Isn't this a lot better than Excel!! If this was a complex dataset we would be prone to errors and have to manually define a lot of column names!

Let's now modify our encoder a bit to see how some changes work.

Our first one is going to be setting `drop='first'` to remove the first instance of a categorical feature.

In [16]:
encoder = OneHotEncoder(drop='first', sparse=False)

Let's see how our dataset looks now:

In [17]:
transformed = pd.DataFrame(encoder.fit_transform(df), columns=encoder.get_feature_names(input_features=cols))
transformed

Unnamed: 0,cylinders_6,cylinders_8,origin_Asia,origin_Europe,hybrid_Yes
0,0.0,0.0,0.0,0.0,1.0
1,0.0,0.0,0.0,0.0,1.0
2,0.0,0.0,1.0,0.0,0.0
3,1.0,0.0,0.0,1.0,0.0
4,1.0,0.0,0.0,1.0,0.0
5,1.0,0.0,0.0,1.0,0.0
6,1.0,0.0,1.0,0.0,0.0
7,0.0,1.0,1.0,0.0,0.0
8,0.0,1.0,1.0,0.0,0.0
9,0.0,1.0,0.0,0.0,0.0


`drop='first'` is removing the collinear feature by implying the additional factor is all zeros!

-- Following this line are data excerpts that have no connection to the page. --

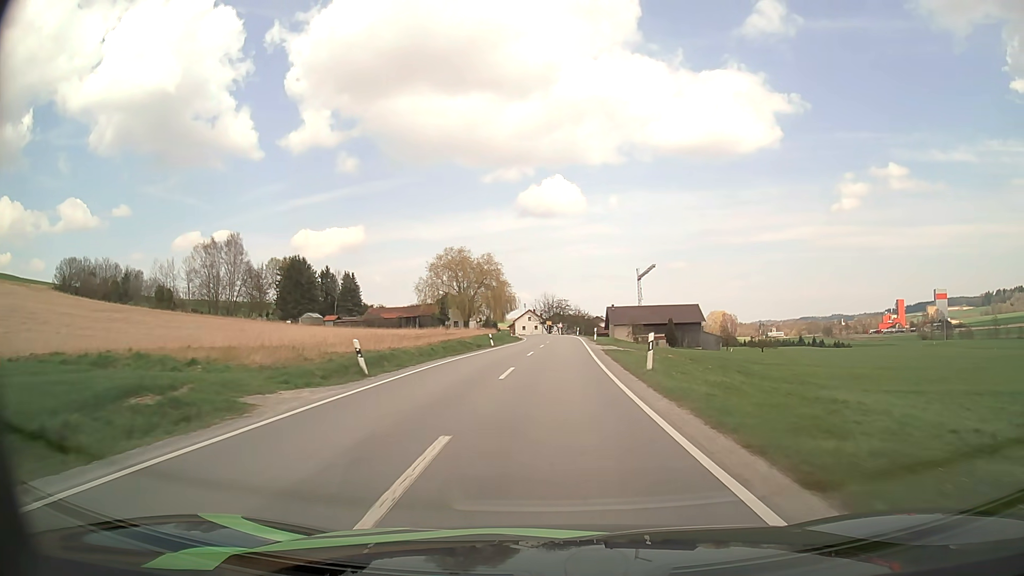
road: secondary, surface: asphalt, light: Day
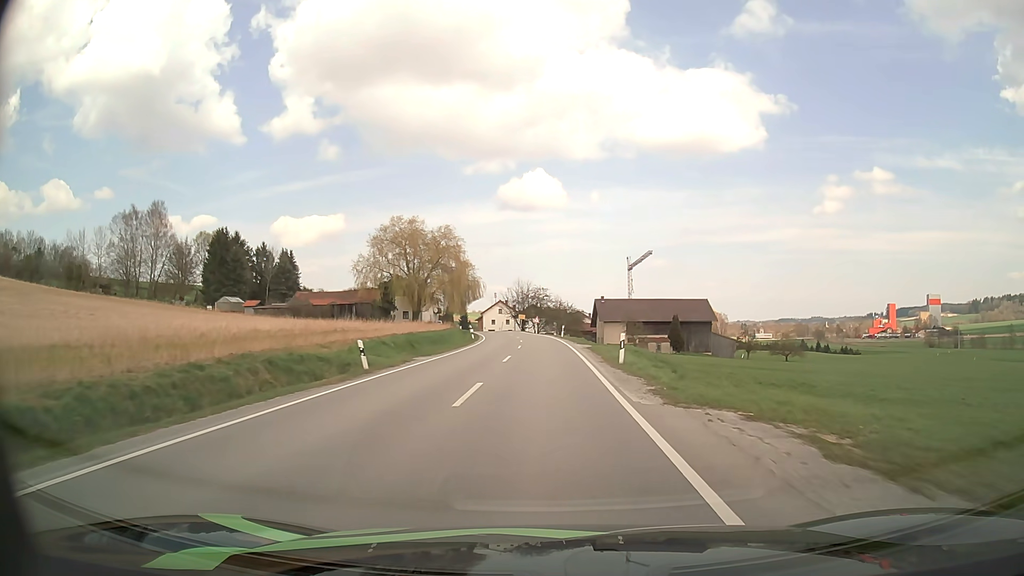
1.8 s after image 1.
(+0.6, +29.3) m; +2°
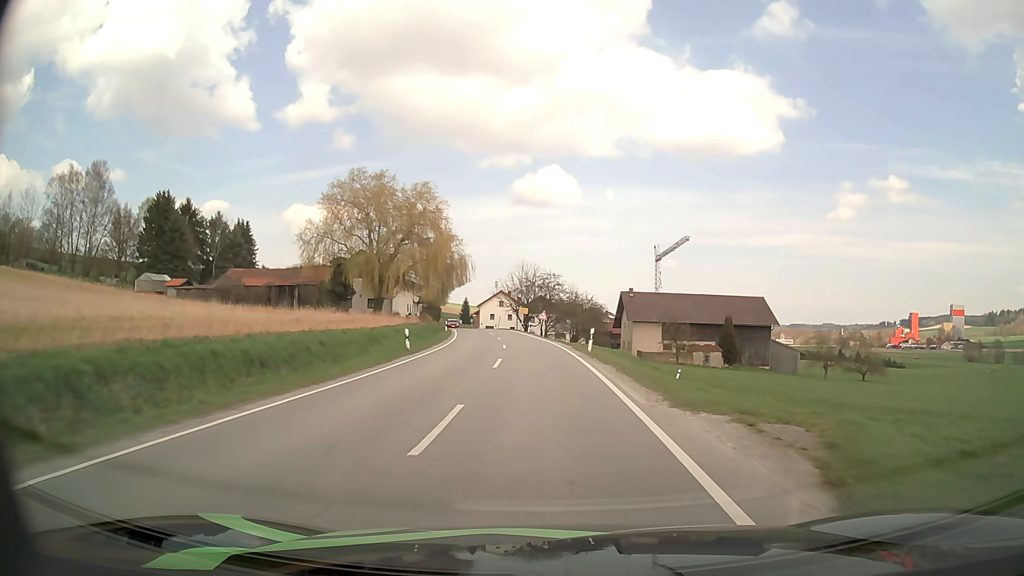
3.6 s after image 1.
(0.0, +28.1) m; -1°
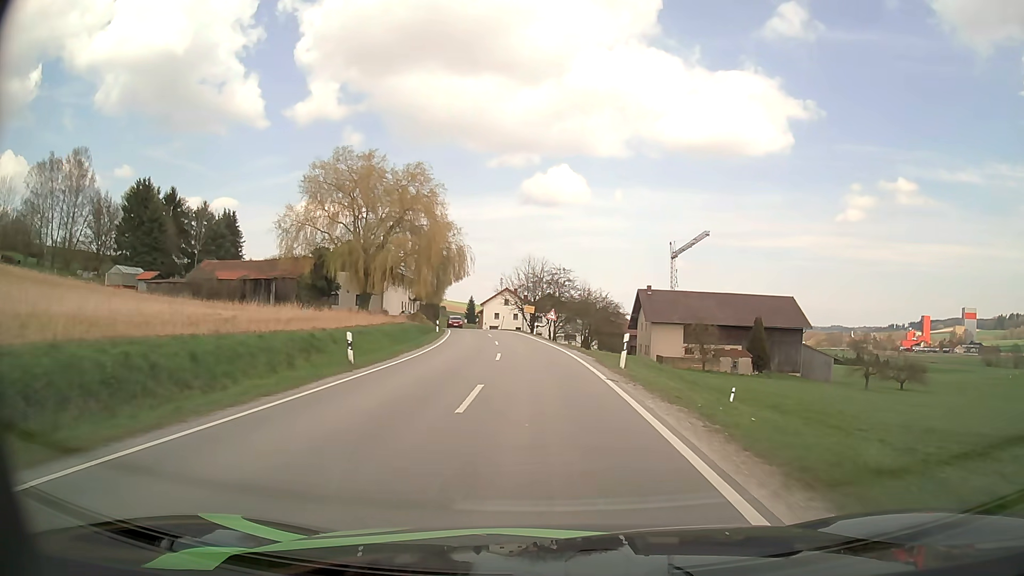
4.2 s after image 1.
(-0.1, +9.0) m; -1°
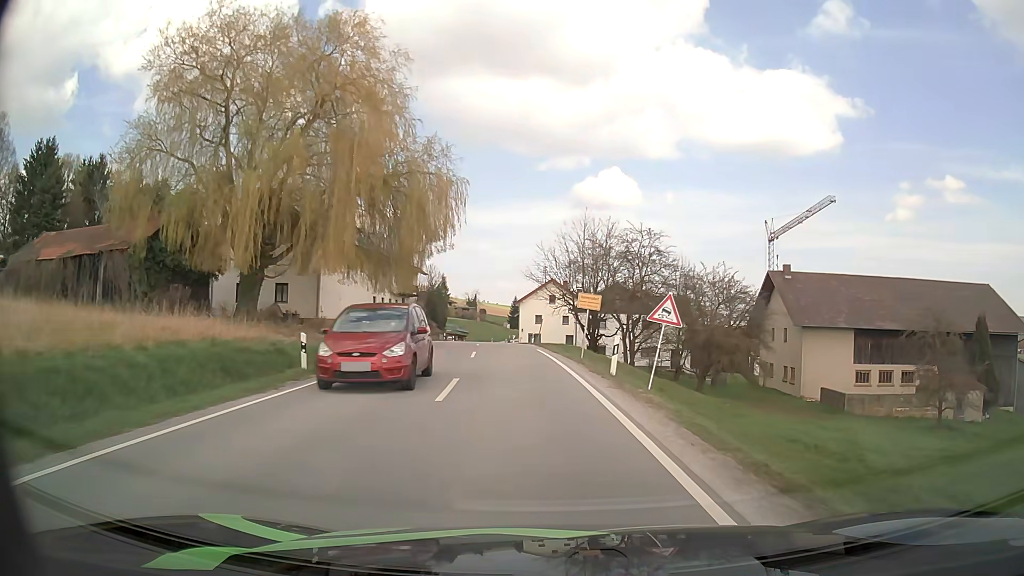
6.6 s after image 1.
(-1.0, +35.2) m; -4°
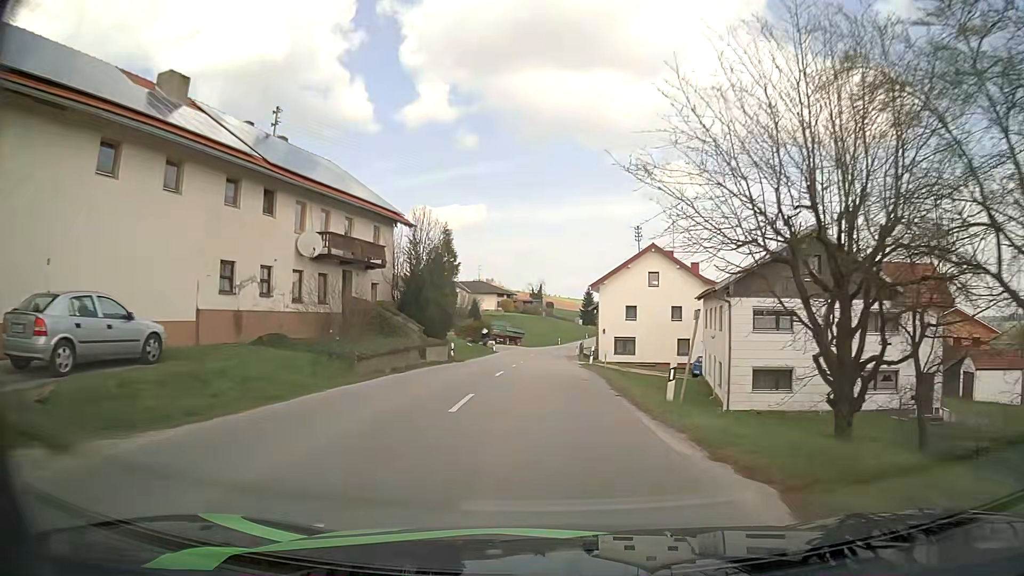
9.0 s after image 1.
(-1.8, +33.7) m; -6°
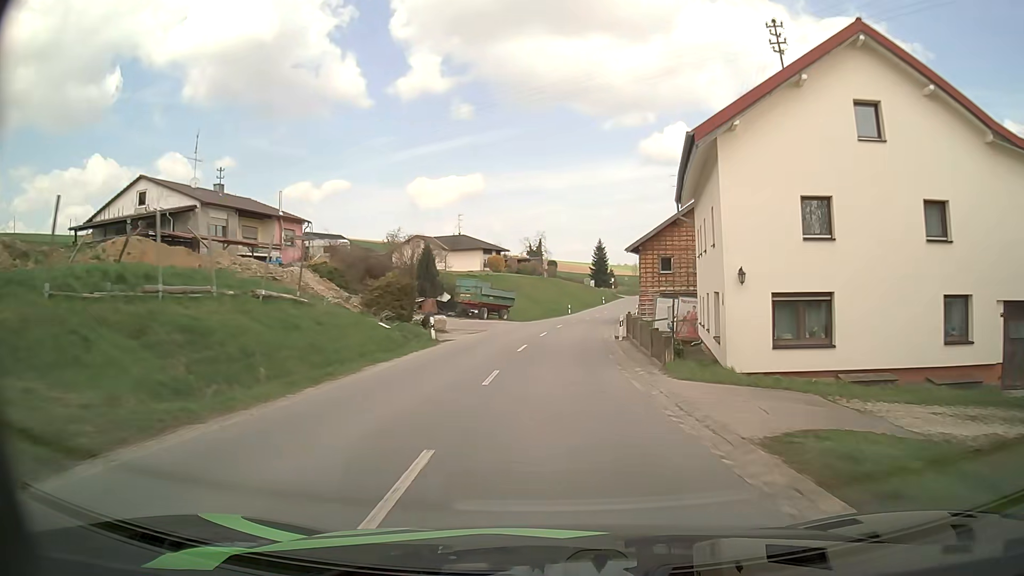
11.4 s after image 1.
(-0.5, +34.0) m; 0°
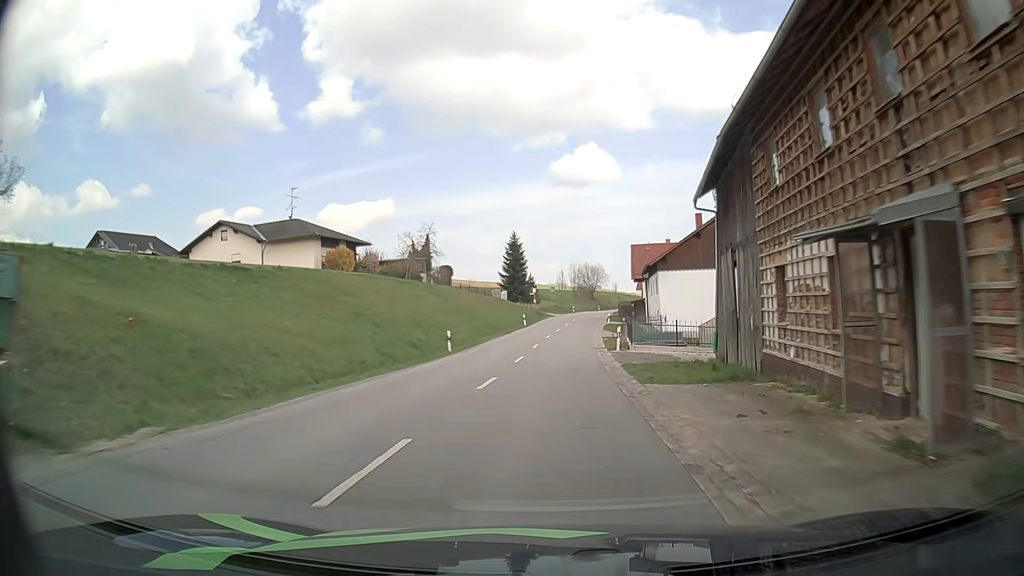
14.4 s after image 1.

Depending upon your dataset and algorithm, you may only want to drop the first one for binary columns (yes/no).

Another setting we can check for is `drop='if_binary'`:

In [20]:
encoder = OneHotEncoder(drop='if_binary', sparse=False)

In [21]:
transformed = pd.DataFrame(encoder.fit_transform(df), columns=encoder.get_feature_names(input_features=cols))
transformed

Unnamed: 0,cylinders_4,cylinders_6,cylinders_8,origin_Americas,origin_Asia,origin_Europe,hybrid_Yes
0,1.0,0.0,0.0,1.0,0.0,0.0,1.0
1,1.0,0.0,0.0,1.0,0.0,0.0,1.0
2,1.0,0.0,0.0,0.0,1.0,0.0,0.0
3,0.0,1.0,0.0,0.0,0.0,1.0,0.0
4,0.0,1.0,0.0,0.0,0.0,1.0,0.0
5,0.0,1.0,0.0,0.0,0.0,1.0,0.0
6,0.0,1.0,0.0,0.0,1.0,0.0,0.0
7,0.0,0.0,1.0,0.0,1.0,0.0,0.0
8,0.0,0.0,1.0,0.0,1.0,0.0,0.0
9,0.0,0.0,1.0,1.0,0.0,0.0,0.0


We're now only dropping off the binary duplicate, as those two would be perfectly collinear! *(If we know a value is yes, for certain the other is no.)*

This is it for a quick introduction to encoding categorical features! This will be expanded upon and brought into the machine learning pipline later!